Take the listing below and output it exactly, with no images.

** INFORMATION follows **

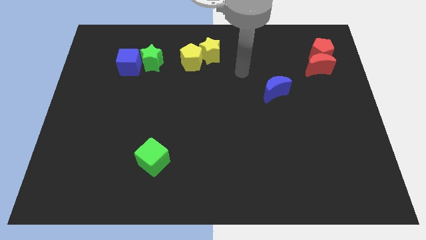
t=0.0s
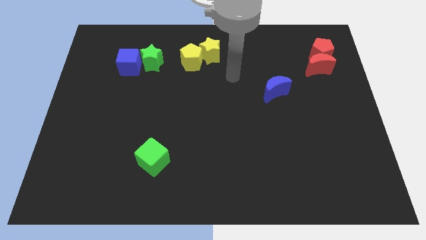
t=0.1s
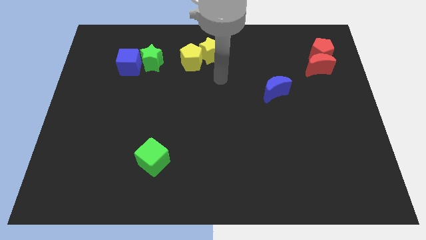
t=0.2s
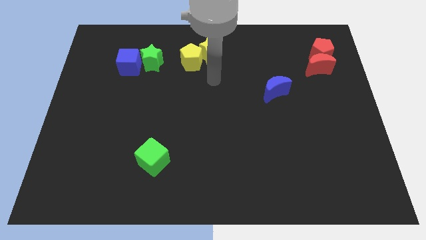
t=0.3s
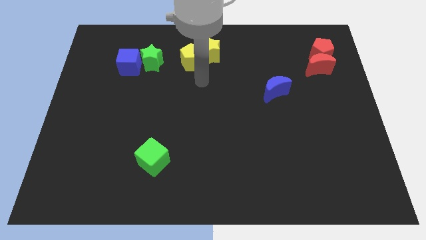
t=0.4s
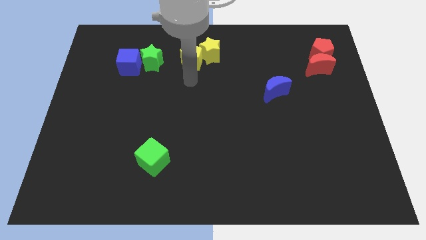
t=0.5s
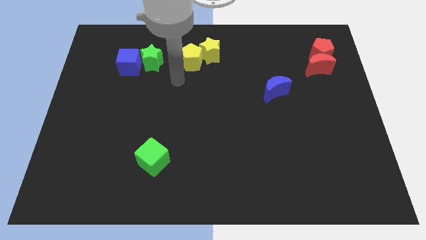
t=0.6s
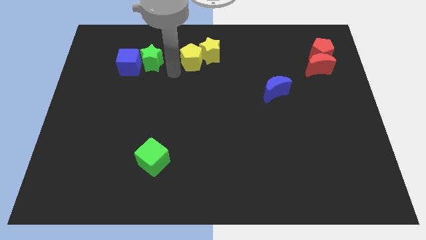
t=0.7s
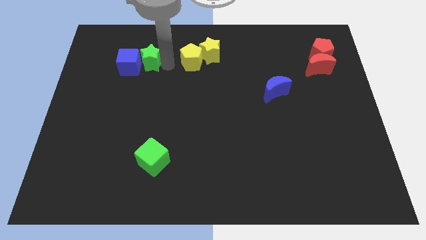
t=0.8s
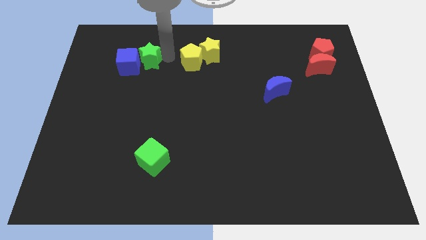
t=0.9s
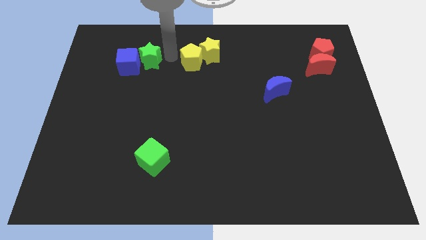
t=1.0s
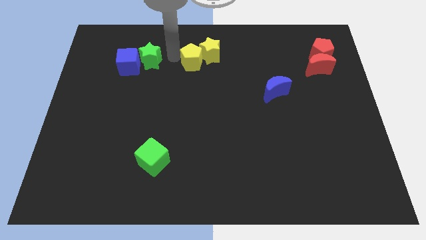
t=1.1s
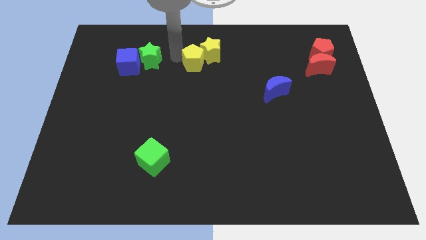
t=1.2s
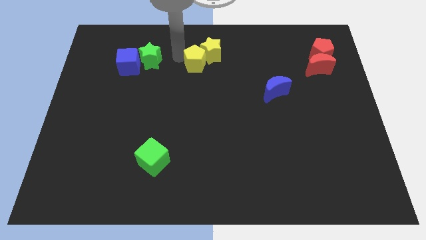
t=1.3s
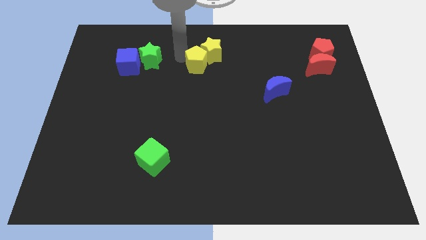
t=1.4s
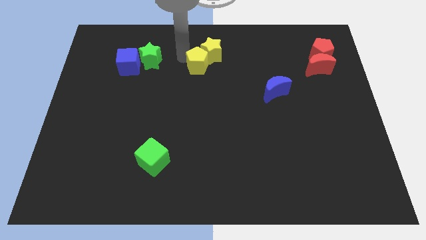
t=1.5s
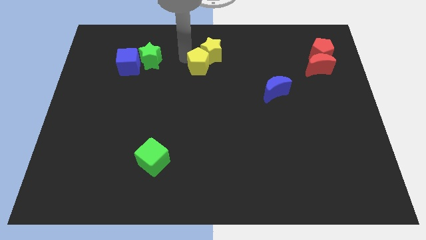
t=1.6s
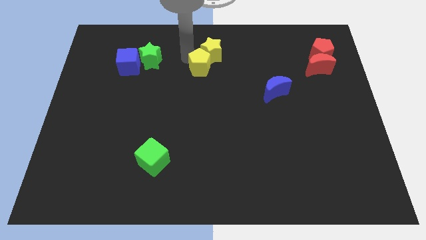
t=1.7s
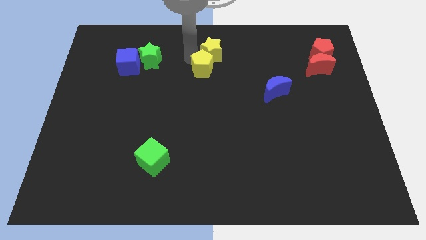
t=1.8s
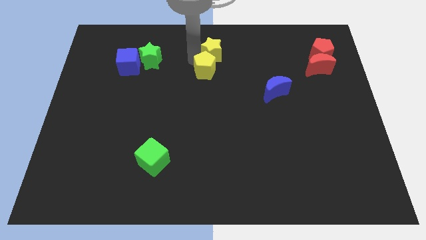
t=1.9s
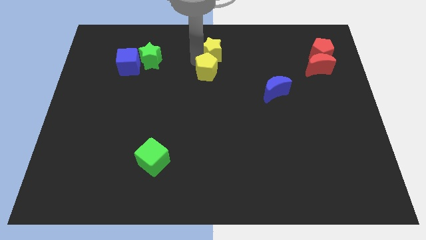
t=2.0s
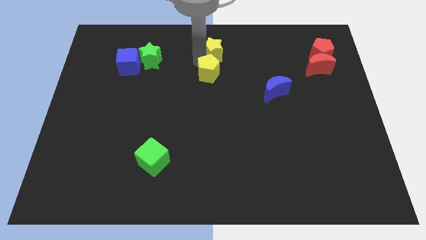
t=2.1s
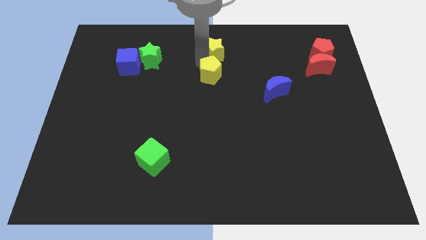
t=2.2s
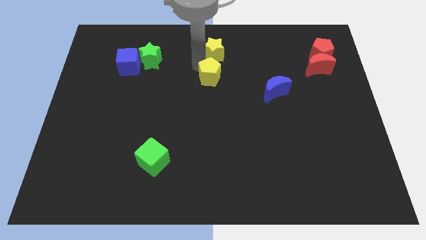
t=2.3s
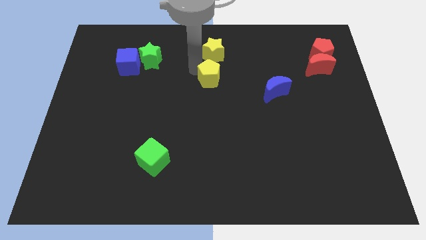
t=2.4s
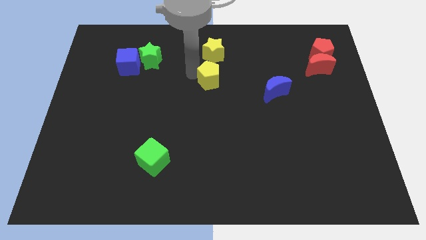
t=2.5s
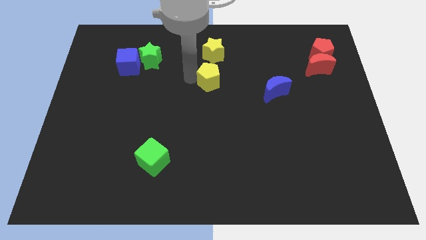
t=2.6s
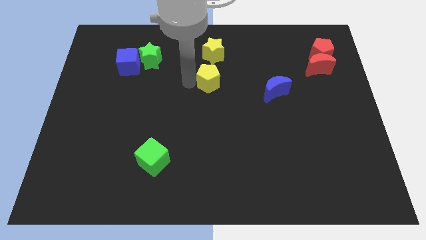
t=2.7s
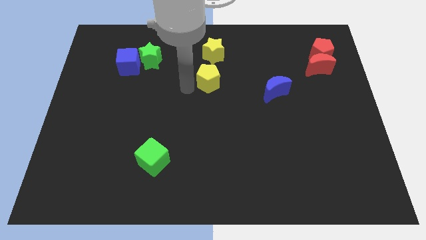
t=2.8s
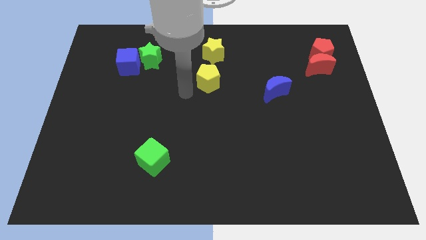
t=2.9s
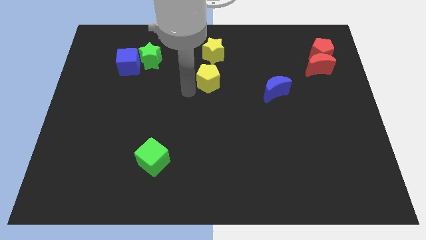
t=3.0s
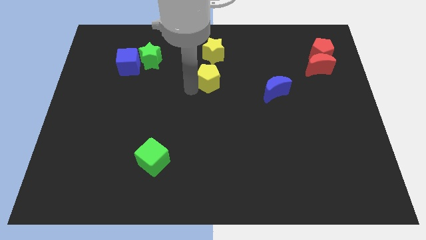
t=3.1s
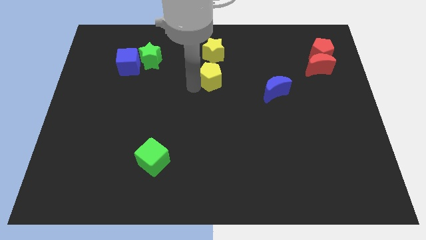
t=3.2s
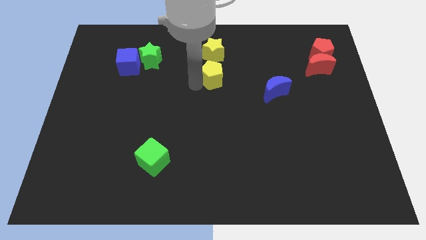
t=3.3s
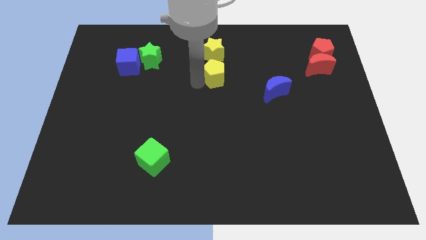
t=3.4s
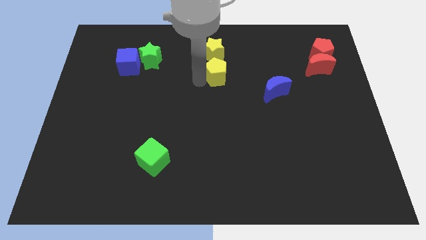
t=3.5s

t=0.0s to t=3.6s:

** End of INFORMATION **

YOUR RESPONSE.
t=0.0s
t=0.1s
t=0.2s
t=0.3s
t=0.4s
t=0.5s
t=0.6s
t=0.7s
t=0.8s
t=0.9s
t=1.0s
t=1.1s
t=1.2s
t=1.3s
t=1.4s
t=1.5s
t=1.6s
t=1.7s
t=1.8s
t=1.9s
t=2.0s
t=2.1s
t=2.2s
t=2.3s
t=2.4s
t=2.5s
t=2.6s
t=2.7s
t=2.8s
t=2.9s
t=3.0s
t=3.1s
t=3.2s
t=3.3s
t=3.4s
t=3.5s

t=0.0s to t=3.6s:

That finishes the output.